Showing posts with label The General Linear Model. Show all posts
Showing posts with label The General Linear Model. Show all posts

Case Study : The Pygmalion Effect, in SAS - Two Way ANOVA


Case Study: The Pygmalion Effect
There are 10 army companies each with 3 platoons. One platoon is randomly picked for Pygmalion treatment and the other platoon are control groups. The platoon leader is told his platoon has scored highly on tests that indicate they are superior. After basic training, platoons are given a weapons test. 

The response variable is an average score on basic weapons test per platoon.
There are two factors; company 10 levels(Company 1 ~ 10) and treatment 2 levels (Pygmalion, control) Therefore, there are 19 (=9+1+(9*1)) explanatory variables.

The data is following below.

Reference : Ramsey and Schafer (1997) The Statistical Sleuth, Duxbury Press, p. 365. The Pygmalion effect.


1. Two Way ANOVA with Interaction (Interaction Model & Hypothesis)  
The model with interaction :
$Y_{i}=\beta_{0}+ \beta_{1}I_{pyg,i}+ \beta_{2}I_{comp1,i}+...+\beta_{10}I_{comp9,i}$
                                        $+\beta_{11}I_{pyg,i}\cdot I_{comp1,i}+...+\beta_{19}I_{pyg,i}\cdot I_{comp9,i}+e_{i}$

$H_{0}:\beta_{11}=\beta_{12}=...=\beta_{19}=0$ (all possible interactions)
$H_{1}$ : at least $\beta_{1i}$ is not equal to 0

1.1 SAS Code and Result
 
We can create the Two-Way ANOVA by using proc glm. There are two factors; company and treatment. And we are also interested in interaction terms so that out model should be score=company | treatment, which | creates interactions.
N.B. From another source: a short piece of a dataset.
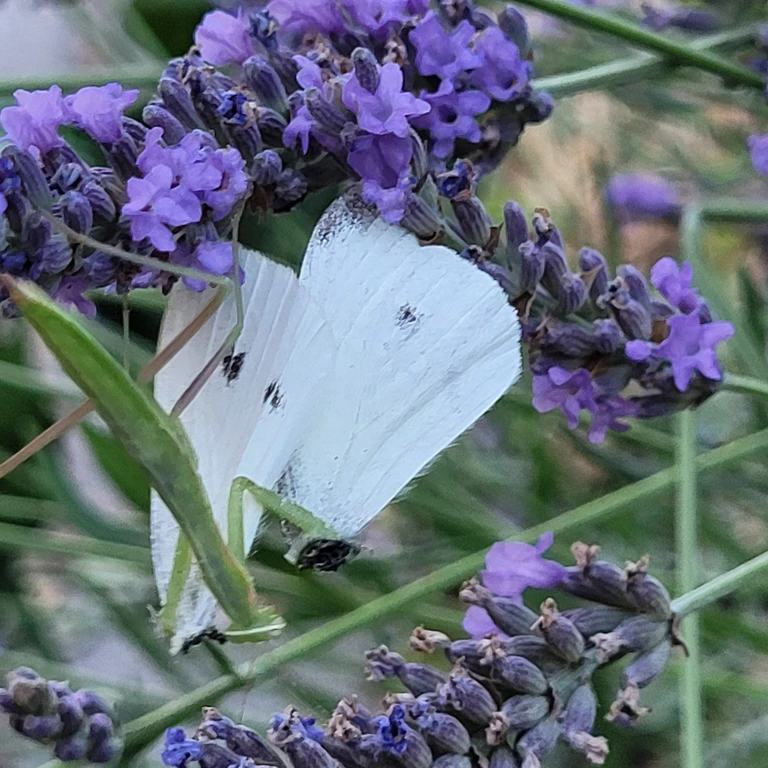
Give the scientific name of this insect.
Pieris rapae
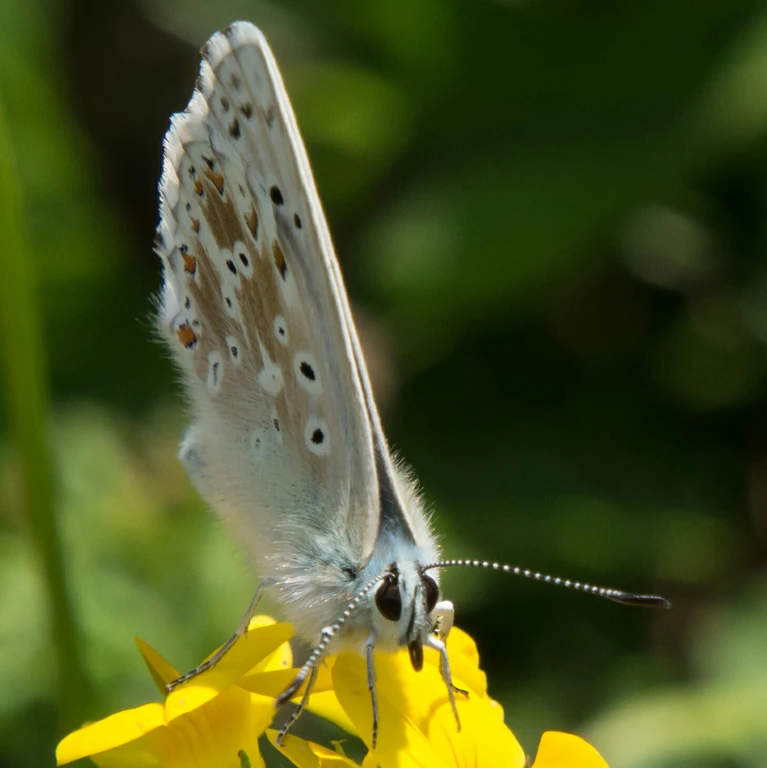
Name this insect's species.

The another way to create interaction term is score=company treatment company*treatment.  
 

After running the SAS code above, the overall ANOVA results are following below.
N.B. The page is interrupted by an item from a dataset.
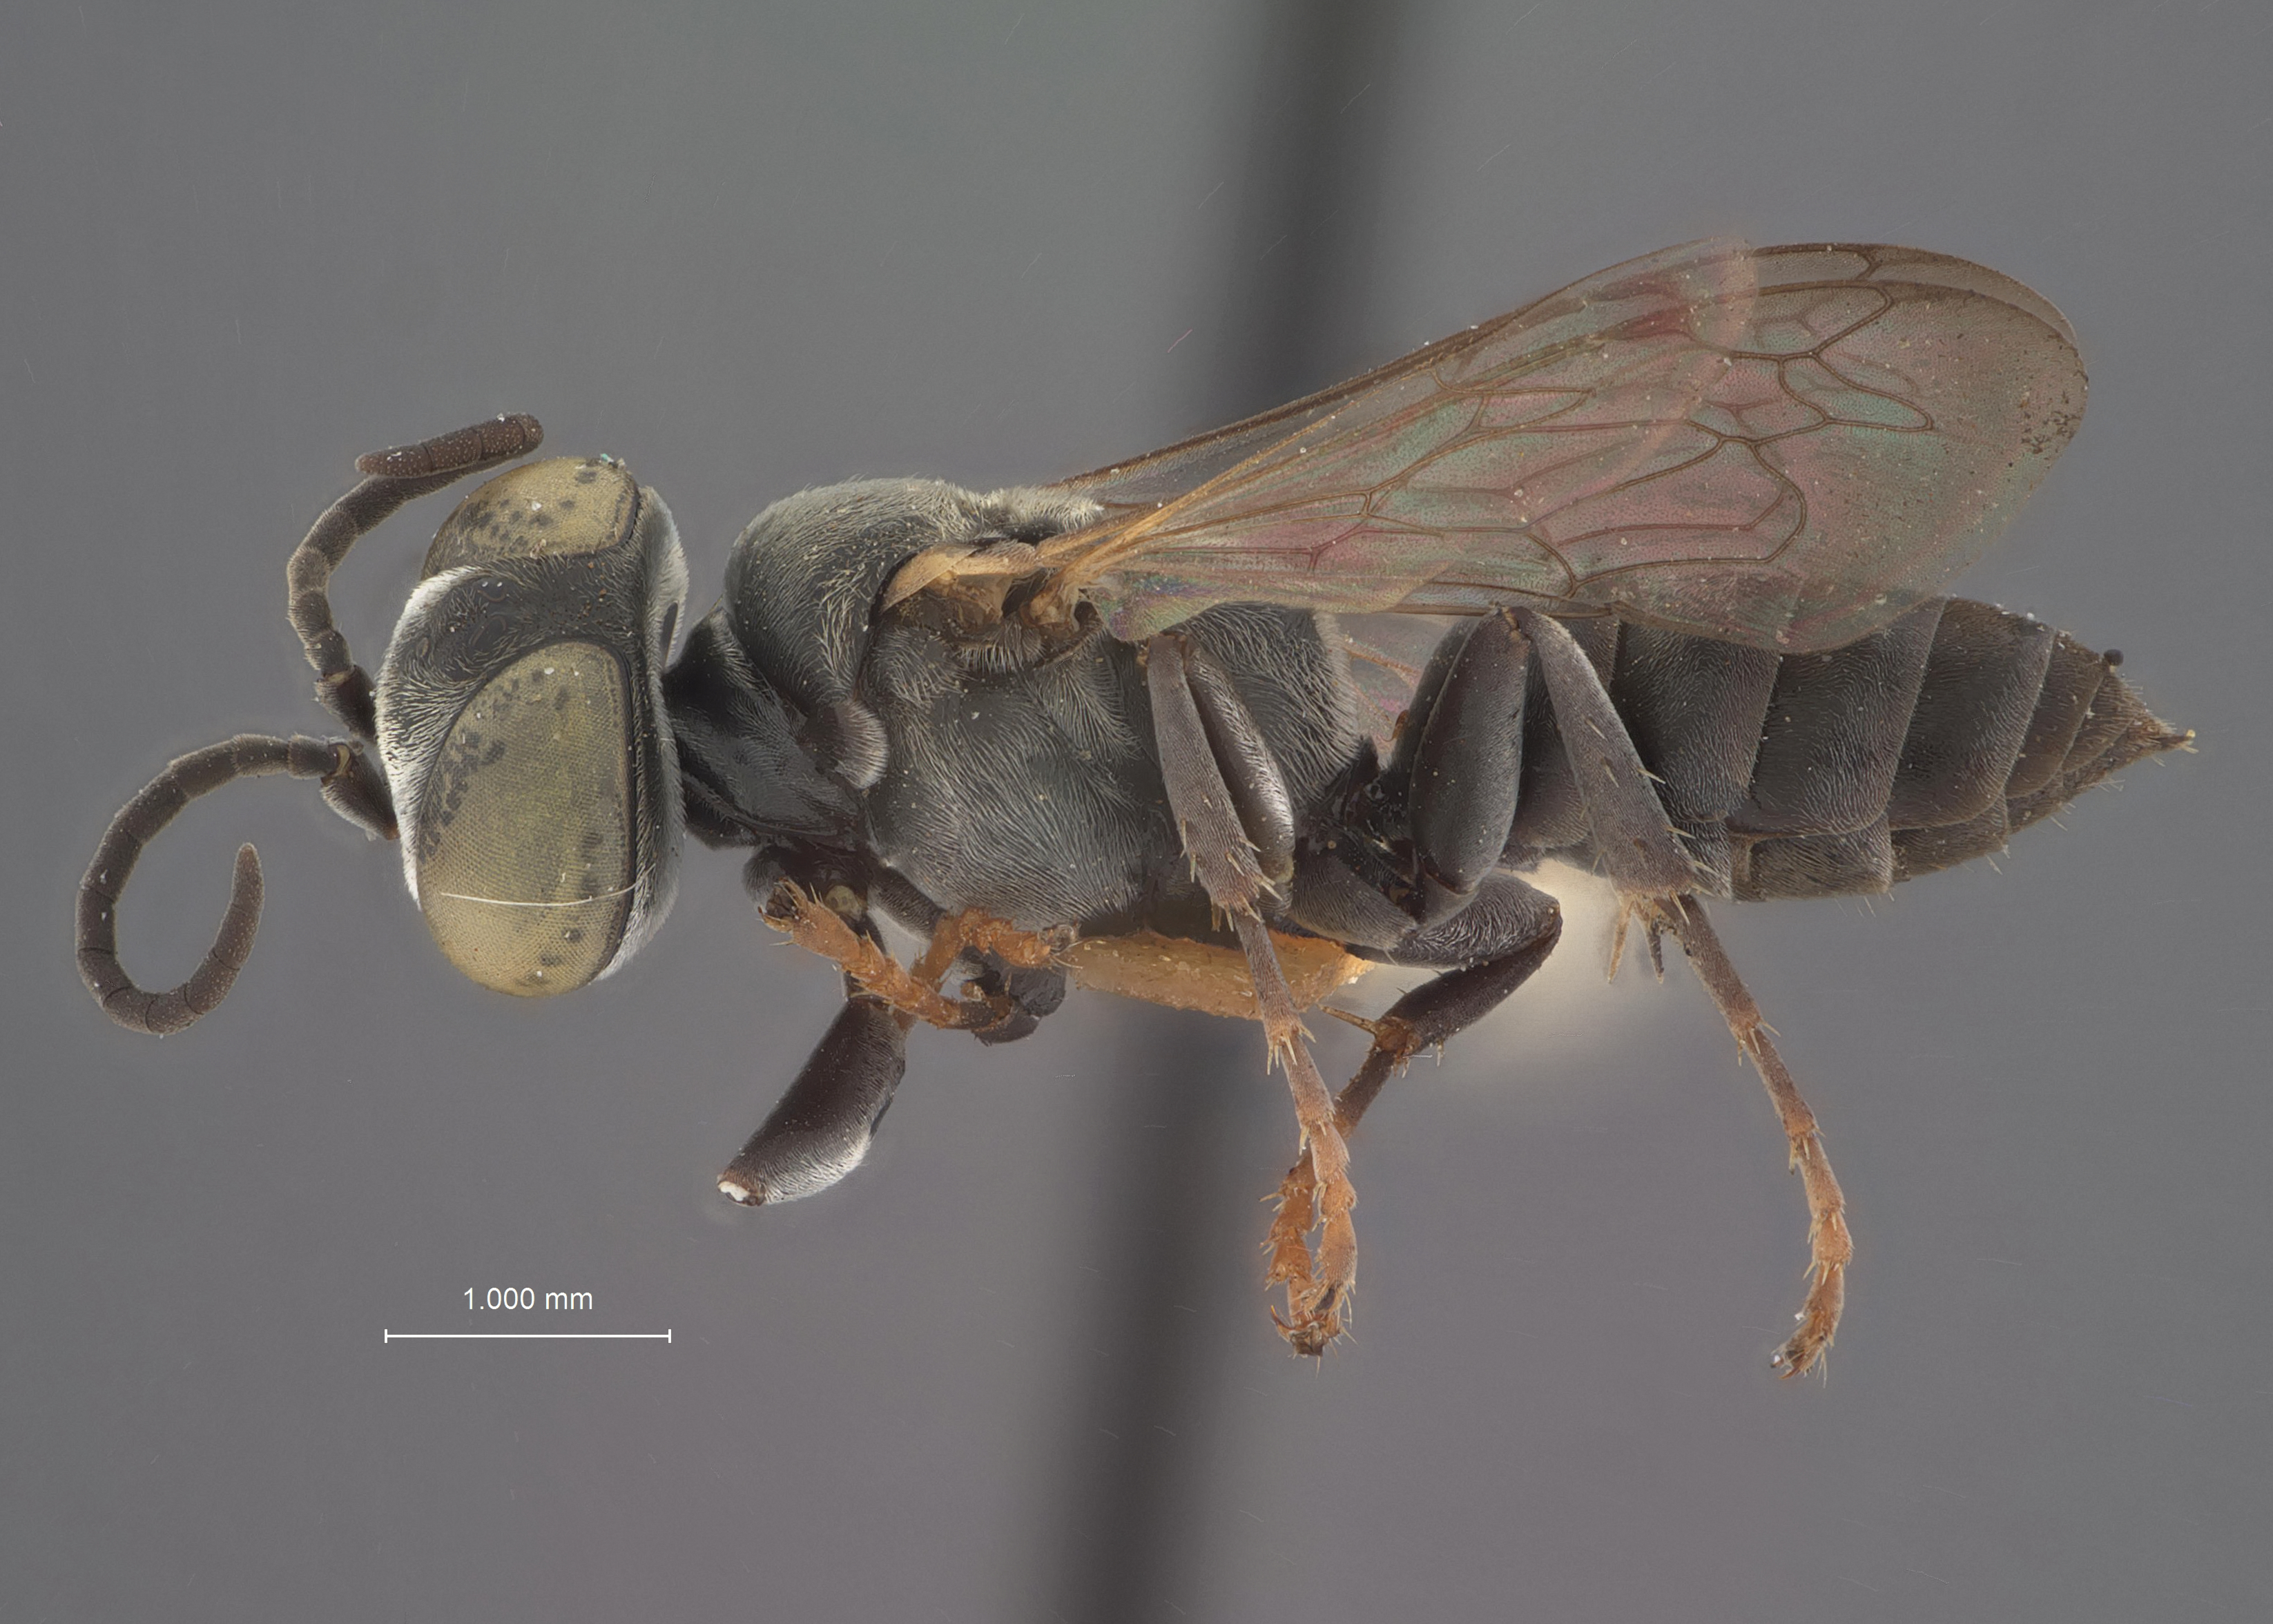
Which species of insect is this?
Tachysphex utina

In the interaction (company*treatment), the F value is 0.67 with high P-value (0.7221).
As we get a high P-value, we fail to reject the null hypothesis which means all possible interaction terms can be considered to 0. Therefore, our next model is an additive model which excludes the interaction terms.


2. Two Way ANOVA w/o Interaction. (Additive Model & Hypothesis)
The model w/o interaction:
$Y_{i}=\beta_{0}+ \beta_{1}I_{pyg,i}+ \beta_{2}I_{comp1,i}+...+\beta_{10}I_{comp9,i}$

2.1 The First Question - SAS Result and Conclusion 
Our first question is there is a difference in mean score between Pygmalion and the control groups!!
$H_{0}:\beta_{1}=0$ 
$H_{1} : \beta_{1}$ is not equal to 0
As our interest is to find a difference between Pygmalion and the control groups, so we need to look at the treatment source. As we have a small P-value (0.0119), so we reject the null hypothesis which means there is a evidence of a difference in mean score between them.
Note that F value is distributed by F(# beta being tested, # degrees of freedom of SSE) = F(1,18)

However, in the diagnostics for score matrix, we can see a decreasing variance estimate pattern. Even though we have a small P-value, the evidence of our conclusion is week.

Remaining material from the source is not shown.